Suite à la visite orchestrée du premier ministre dans notre parc industriel, mon rédacteur en chef me demanda d’interroger une ouvrière. Sophéap ne voulait pas répondre à mes questions. Elle n’était pourtant pas obligée de dire du mal du chef du gouvernement. Et même, elle pouvait témoigner anonymement, le visage masqué et la voix modifiée. Le risque pour elle était extrêmement limité, quasiment nul. Mais « J’ai peur. »
Sophéap ne répond jamais à mes sollicitations pour tel ou tel événement. Elle refuse ce salut qu’elle entraperçoit pourtant à travers mon attention, mon choix de vie, mon rapport aux autres. C’est son droit. Elle préfère rester dans son monde étroit, dans la soumission. Ce choix m’attriste très profondément mais ne m’empêche pas de l’aimer. Pourquoi refuser la liberté tout en ayant conscience de ce qu’elle est ?
En réalité chaque être humain fait cette expérience dans sa vie. « Vois : je mets aujourd’hui devant toi la vie et le bonheur, la mort et le malheur. » (Deutéronome 30, 15). Or nous avons parfois des limites qui nous font choisir le malheur. La liberté est plus désirable mais elle peut faire peur parce qu’elle est responsabilité, risque. A peine sortie de l’esclavage « Toute la communauté des fils d’Israël murmura contre Moïse : “[…] au pays d’Egypte nous étions assis près du chaudron de viande, nous mangions du pain à satiété ! Vous nous avez fait sortir dans ce désert pour laisser mourir de faim toute cette assemblée !” » (Exode 16, 2-3). Et puis surtout, le passage de la mer rouge est effrayant, incertain. Sophéap est à l’aise dans son monde étroit parce qu’elle en connaît le moindre recoin. Le monde immense, sans mur, sans frontière, sans limite est bien plus enviable mais si elle traversait, alors durant une période, elle se retrouverait comme entièrement nue, sans cette construction mentale exiguë qui la protège.
Heureusement certains acceptent d’avancer. Sa cousine Sav, sans pour autant quitter le même enfermement, accepta un soir de me suivre. L’invitation à la projection privée d’un film presque monté avait été lancée à tous les comédiens à l’affiche. Chaque invité devait venir avec une autre personne qui puisse formuler des critiques avec un regard extérieur. Sav a une grande confiance en moi mais il fallait qu’elle accepte d’être vue dans la rue en compagnie d’un homme, qu’elle s’autorise un moment de divertissement pour elle-même, qu’elle affronte sa peur de sortir la nuit.

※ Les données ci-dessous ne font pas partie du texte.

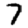
Digit: 7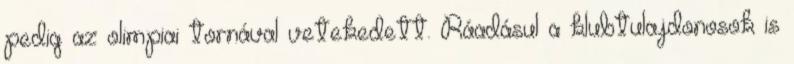
pedig az olimpiai tornával vetekedett. Ráadásul a klubtulajdonosok is

Et puis un petit nombre se transforme, passe de l’autre côté de la mer. Sarit a répondu à une invitation de la joc. Petit à petit il s’est mis à sourire. Il a formulé des projets. Il a entrepris une formation. Il a pris confiance en lui. Il a changé d’employeur, s’est mis à travailler de son mieux. Il a voulu s’informer de la réalité du monde, former sa conscience. Il s’est mis debout. Il a commencé à penser par lui-même en faisant preuve d’esprit critique. Il a pris l’habitude d’exprimer ses convictions. Il a pris des responsabilités. Il est devenu acteur de sa vie. Il a pris conscience de ce qu’il valait.